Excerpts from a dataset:
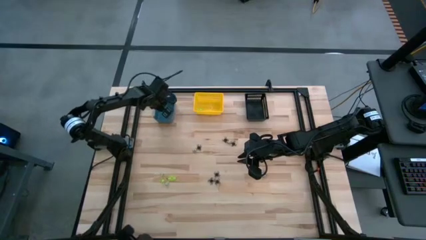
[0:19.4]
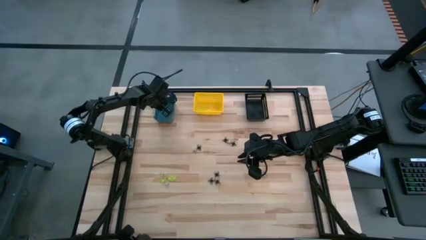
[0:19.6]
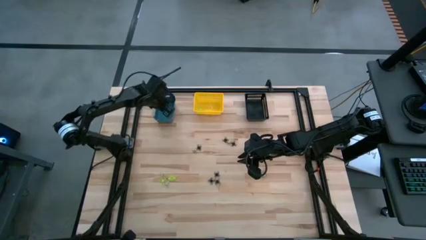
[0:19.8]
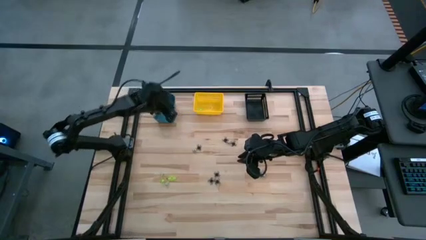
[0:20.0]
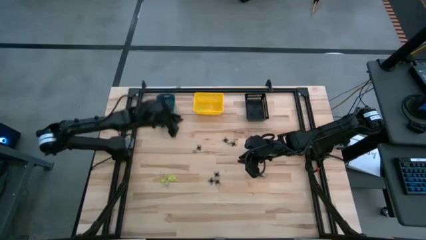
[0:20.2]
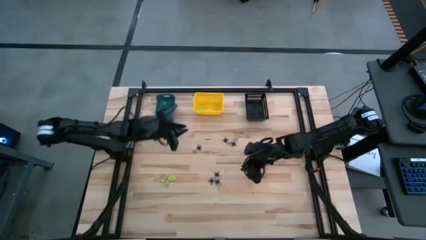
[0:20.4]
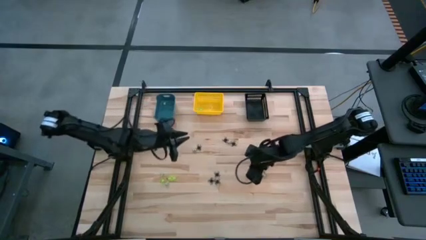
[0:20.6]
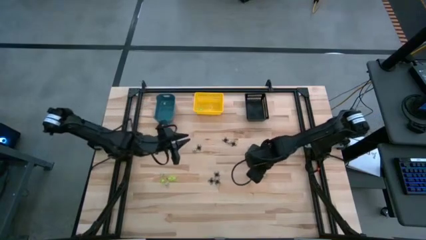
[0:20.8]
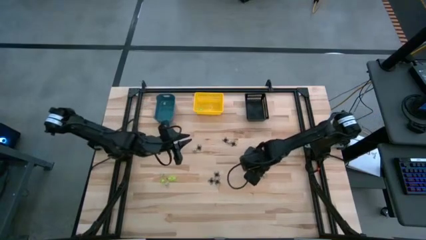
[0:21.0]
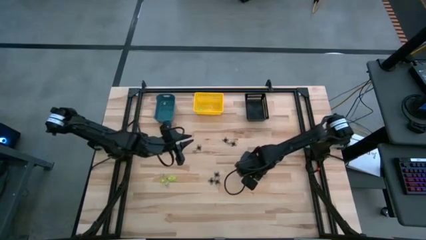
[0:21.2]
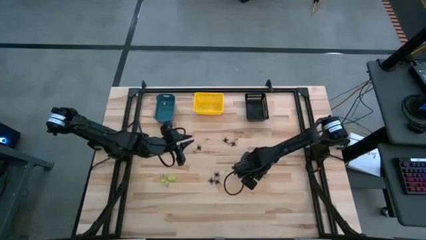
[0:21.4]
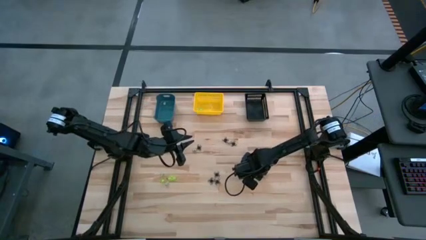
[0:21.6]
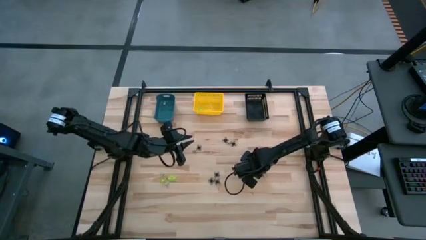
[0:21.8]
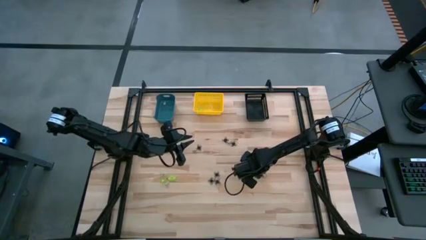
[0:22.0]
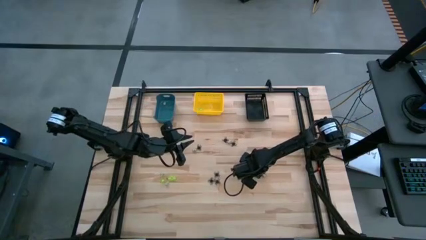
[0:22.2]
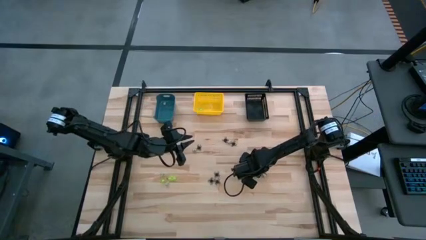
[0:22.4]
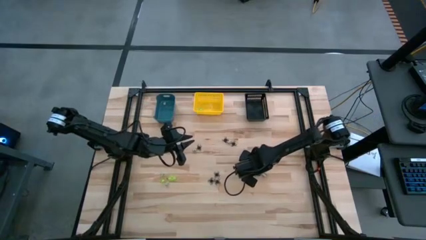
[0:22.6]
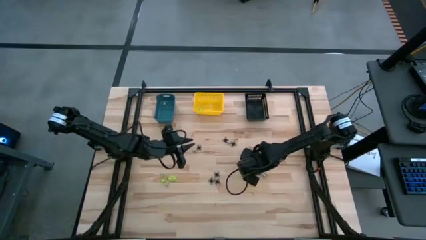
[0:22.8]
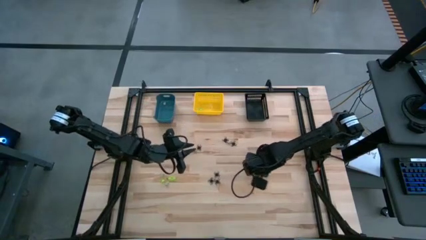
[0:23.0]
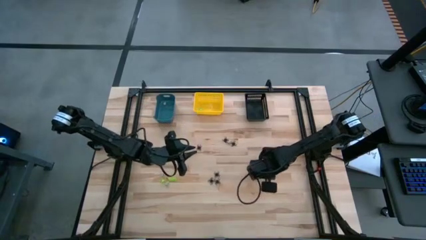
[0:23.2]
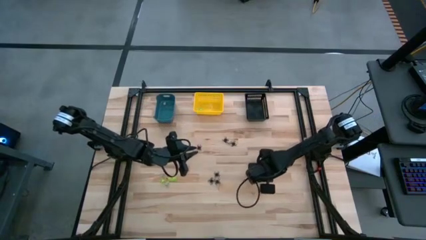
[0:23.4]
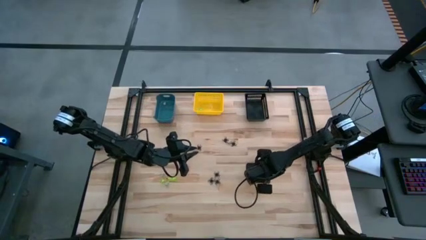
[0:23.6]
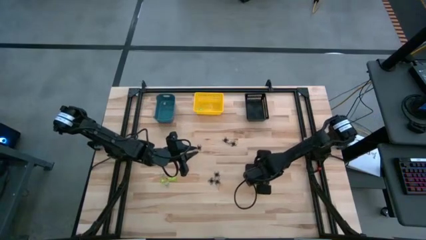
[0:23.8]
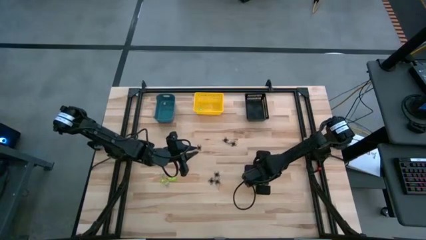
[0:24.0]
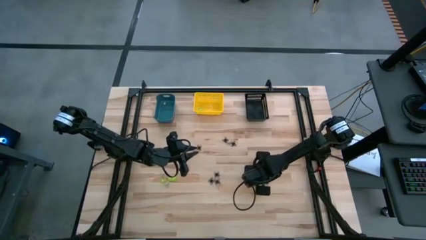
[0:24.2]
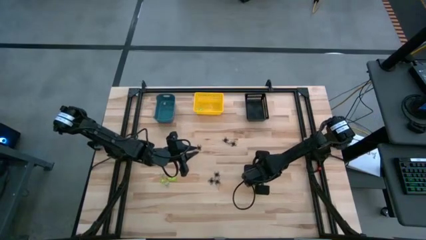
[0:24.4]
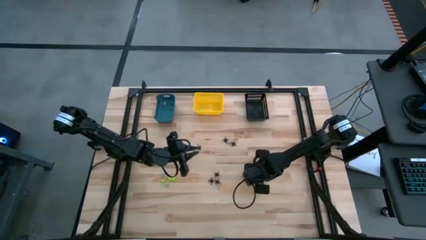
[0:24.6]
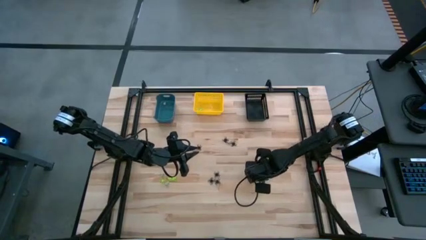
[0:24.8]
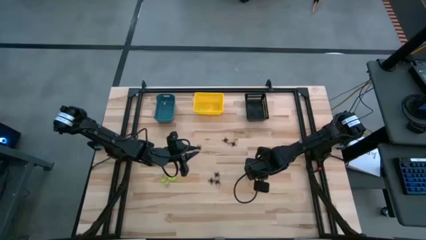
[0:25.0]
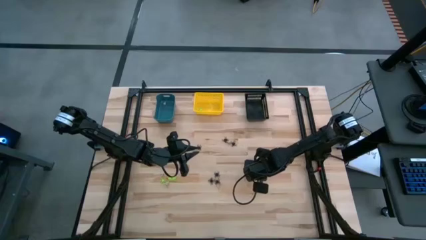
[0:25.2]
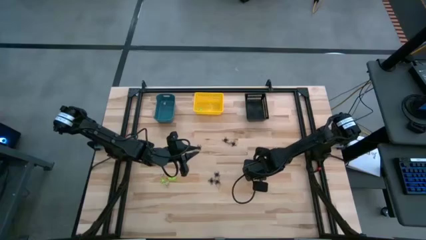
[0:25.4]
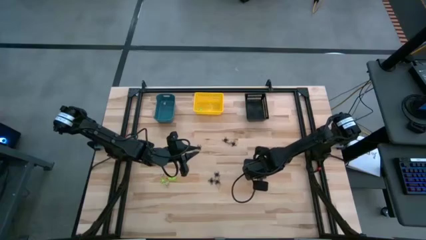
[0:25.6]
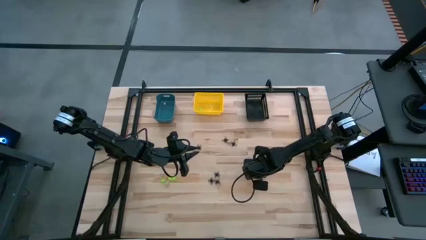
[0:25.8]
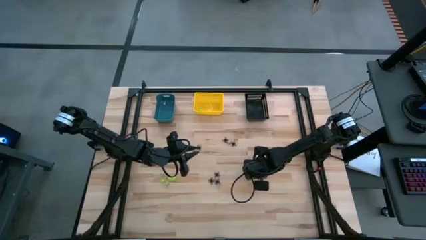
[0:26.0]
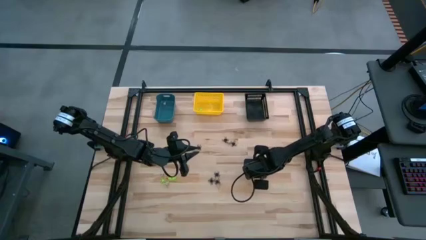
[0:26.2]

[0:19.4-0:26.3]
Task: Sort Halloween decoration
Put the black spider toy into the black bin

*Aim of the task*:
The copy you write must hold every record verbatim and none of the pictures.

*Your solution*:
[0:19.4]
[0:19.6]
[0:19.8]
[0:20.0]
[0:20.2]
[0:20.4]
[0:20.6]
[0:20.8]
[0:21.0]
[0:21.2]
[0:21.4]
[0:21.6]
[0:21.8]
[0:22.0]
[0:22.2]
[0:22.4]
[0:22.6]
[0:22.8]
[0:23.0]
[0:23.2]
[0:23.4]
[0:23.6]
[0:23.8]
[0:24.0]
[0:24.2]
[0:24.4]
[0:24.6]
[0:24.8]
[0:25.0]
[0:25.2]
[0:25.4]
[0:25.6]
[0:25.8]
[0:26.0]
[0:26.2]

[0:19.4-0:26.3]
Task: Sort Halloween decoration
Put the black spider toy into the black bin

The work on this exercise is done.